Cesarean delivery (CD) is one of the most common surgical procedures in obstetrics, and it is also one of the oldest medical procedures. The rise in the rate of cesarean sections is one of the most striking hallmarks of modern obstetrics.

In Egypt, the prevalence of CD has increased dramatically over the last decade, with the most recent Egypt Demographic and Health Survey (EDHS) reporting a rate of 52 percent, implying that cesarean sections may be overused or utilized for improper reasons.

The two deep local core muscles are the transversus abdominis and the lumbar multifidus muscles. The definition of Core muscle strength is the active ability of these muscles to not only produce but also, maintain stresses to provide stability for the spine through management of the intra-abdominal pressure.
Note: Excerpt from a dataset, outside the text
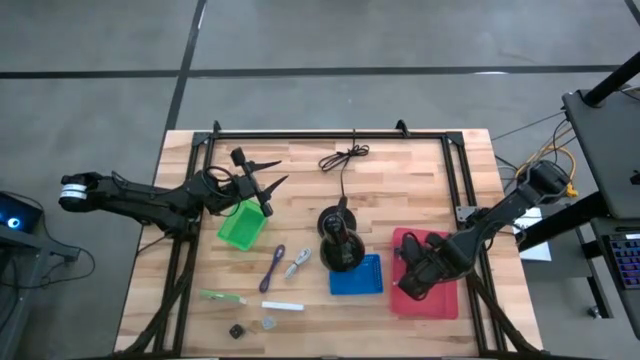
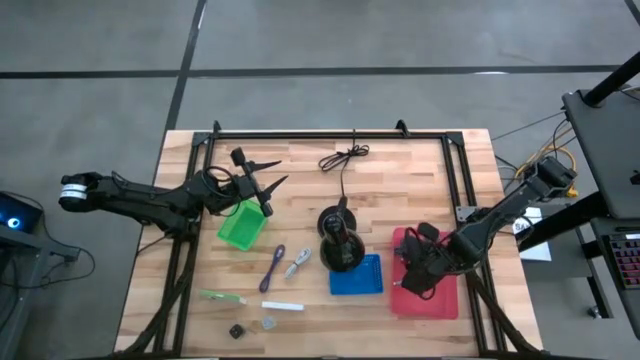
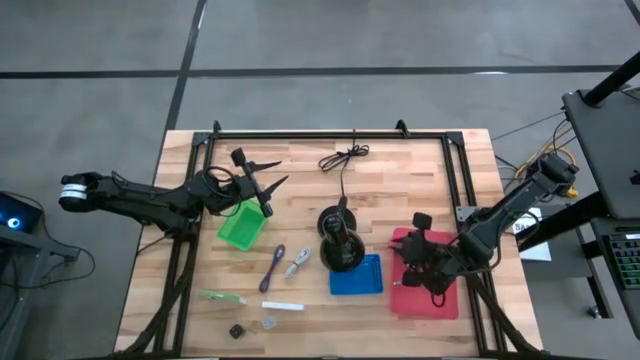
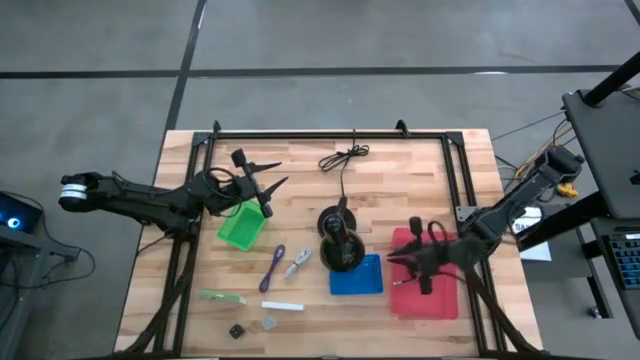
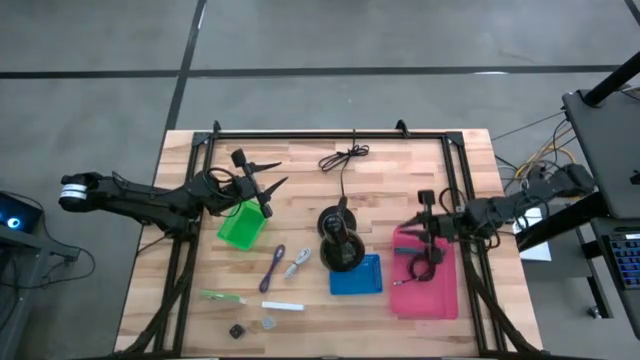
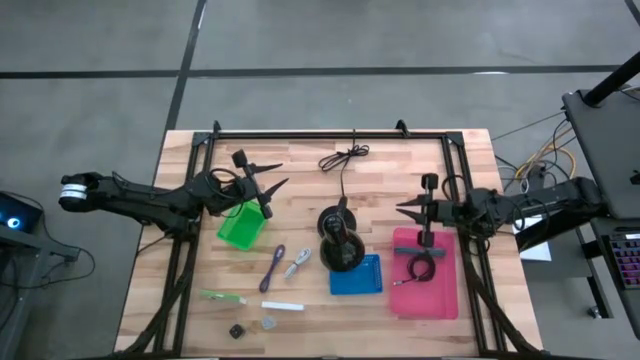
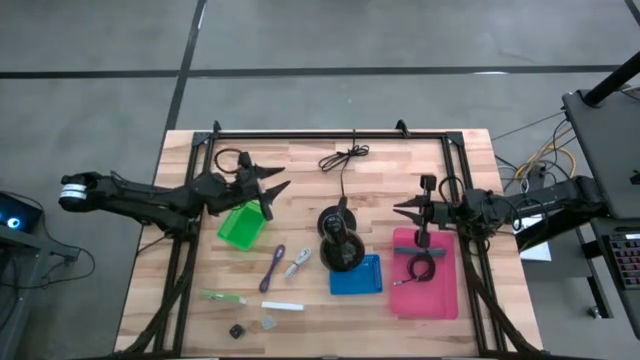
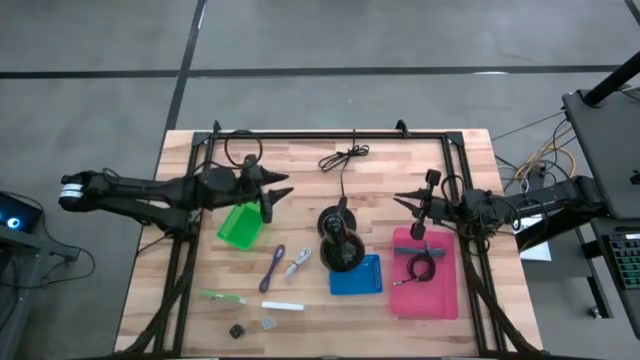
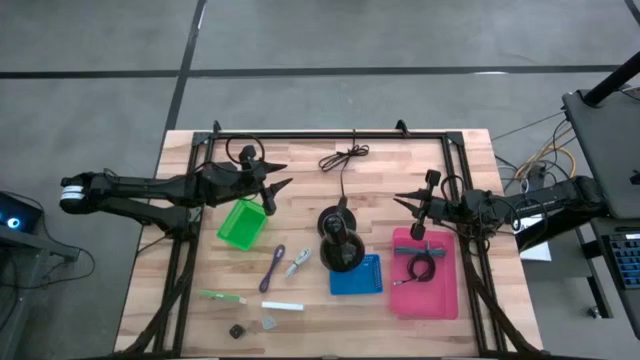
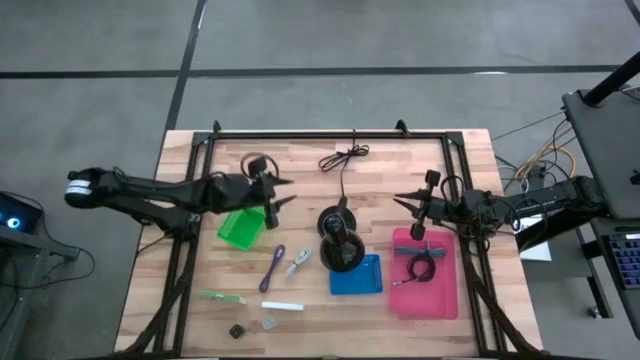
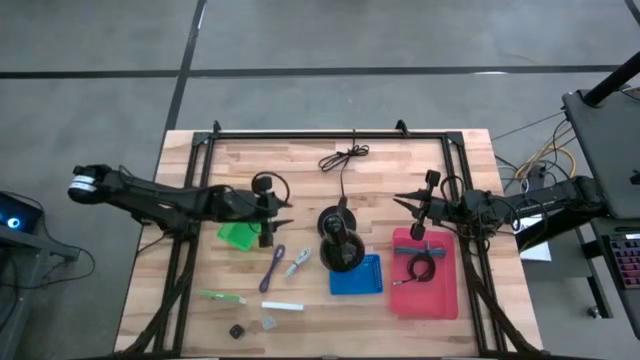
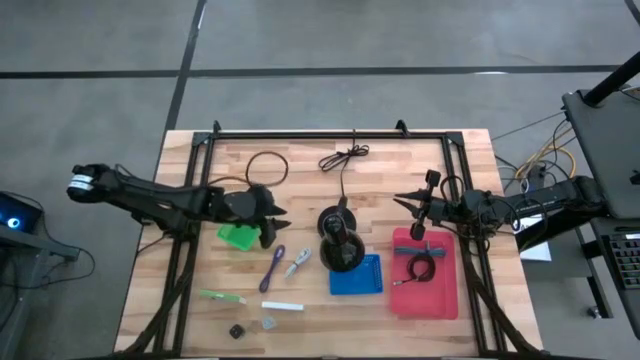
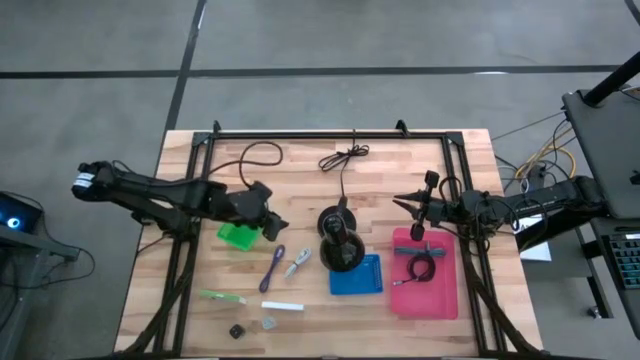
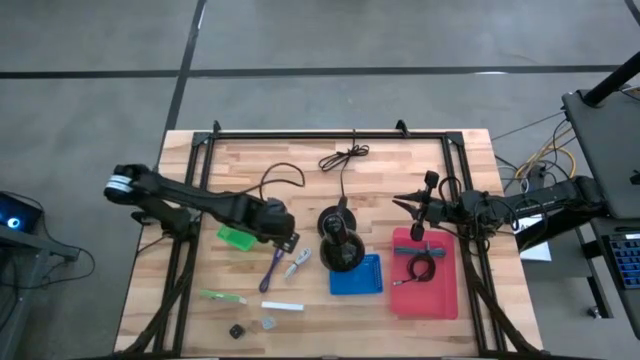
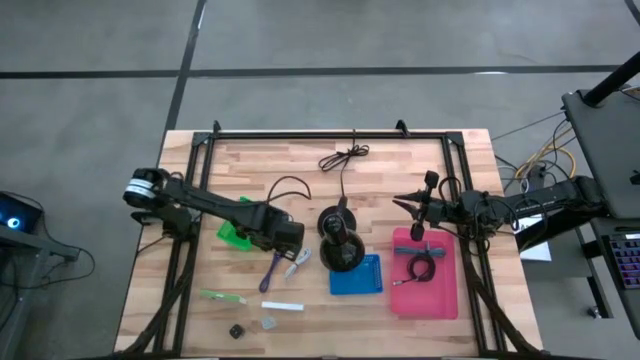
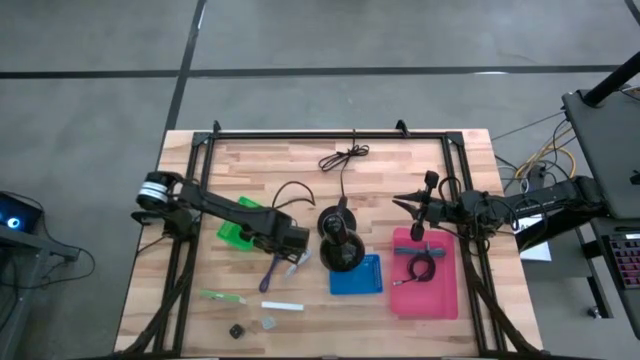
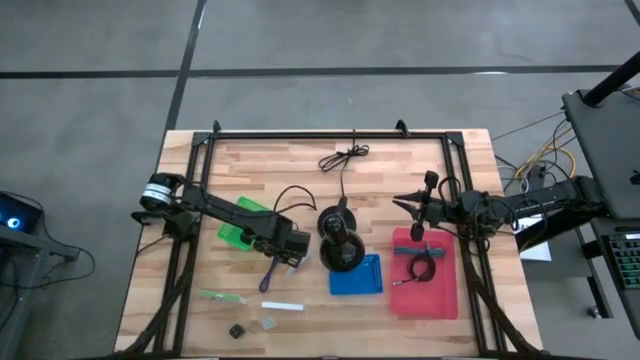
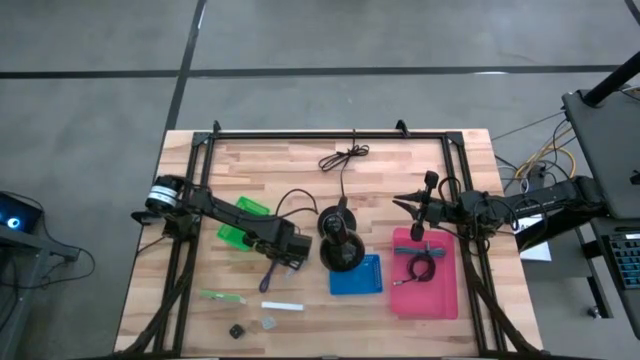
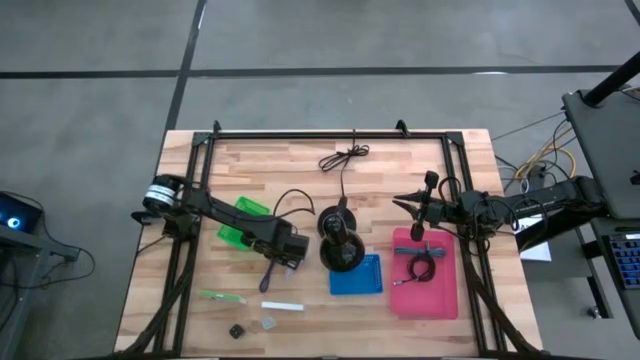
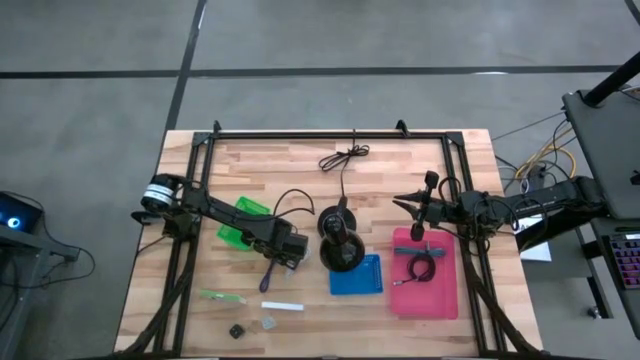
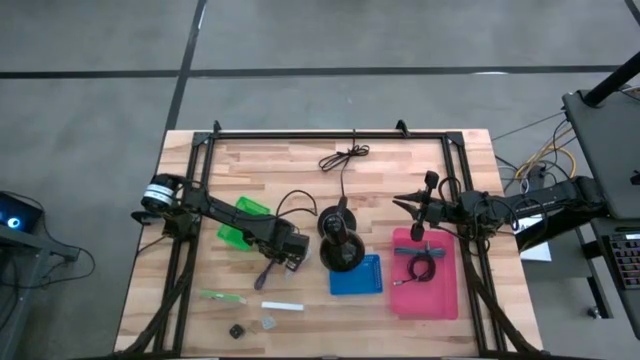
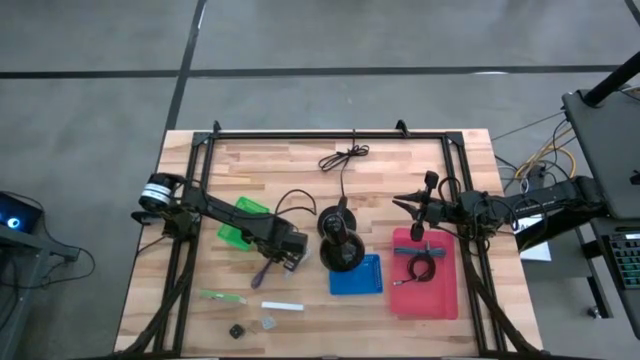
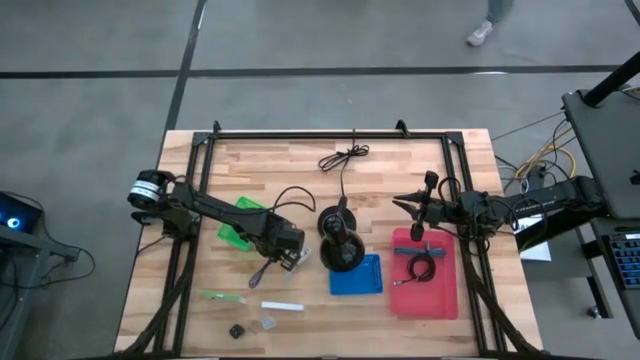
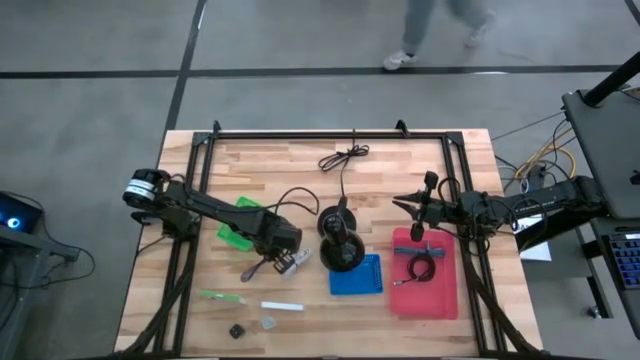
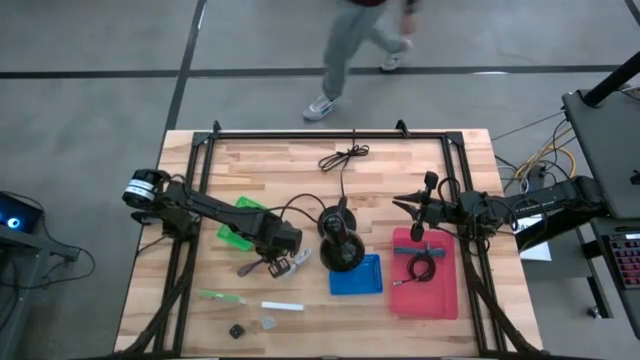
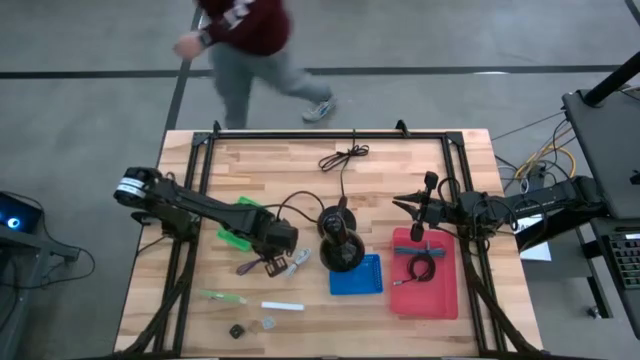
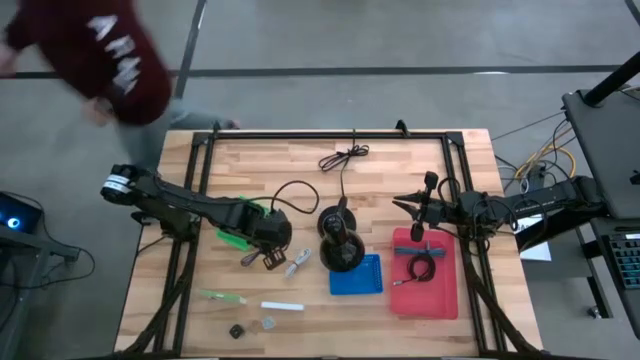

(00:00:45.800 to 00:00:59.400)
Task: Pick and place items into bin
Put the violet charger cable into the pink bin

LBP prevalence in mothers undergoing cesarean delivery was higher compared to its counterpart in mothers undergoing vaginal delivery. The related mechanisms for LBP during the postpartum period following cesarean or vaginal deliveries may be overweight and obesity, postural adaptations, and stressful positions that mothers assume during either delivery or lactation.

• Study Type: Observational
• Enrollment (Actual): 36

Contacts and Locations

Study Locations

• Egypt
  • Qena Governorate
    • Qina, Qena Governorate, Egypt, 83523
      • Faculty of physical therapy, South Valley University

Participation Criteria

Eligibility Criteria

• Ages Eligible for Study: 18 years to 35 years (Adult)
• Accepts Healthy Volunteers: No

• Sampling Method: Probability Sample

Study Population

36 participants participated in our study, and were classified into 2 groups; (group A) represents 18 mothers undergoing cesarean birth, and (group B) represents 18 mothers undergoing normal vaginal birth.

Description

Inclusion Criteria:

1. All women are either primiparous or multiparous.
2. Their ages ranged from 18 to 35 years.
3. All participants had a body mass index (BMI) of not more than 29.5, and a waist-to-hip ratio of not more than 1.
4. Participants were assessed between the 6th week to the 12th week postnatal.
5. All participants were able to continue all assessment procedures.
6. They were medically stable.

Exclusion Criteria:

1. Women who were below 18 years old or above 35 years old.
2. Women who had a (BMI) above 29.5 or a waist-to-hip ratio above 1.
3. Women who did not continue all assessment procedures.
4. Women who had a past history of specific LBP as those who were diagnosed with spondylolisthesis, lumbar disc prolapse, or structural scoliosis.

Study Plan

How is the study designed?

Design Details

• Observational Models: Cohort
• Time Perspectives: Retrospective

Number of groups / cohorts

2

Cohorts and Interventions

Group / Cohort	Intervention / Treatment
Group A; 18 participants have been exposed to cesarean delivery	Other: Visual analogue scale (VAS); VAS is a reliable and valid method for assessing the intensity of low back pain (LBP); Device: Pressure Biofeedback Unit (PBU); PBU is a valid and reliable instrument for measuring the maximal voluntary isometric contraction of both lumbar multifidus and transversus abdominis muscles (core muscle strength)
Group B; 18 participants have been exposed to vaginal delivery	Other: Visual analogue scale (VAS); VAS is a reliable and valid method for assessing the intensity of low back pain (LBP); Device: Pressure Biofeedback Unit (PBU); PBU is a valid and reliable instrument for measuring the maximal voluntary isometric contraction of both lumbar multifidus and transversus abdominis muscles (core muscle strength)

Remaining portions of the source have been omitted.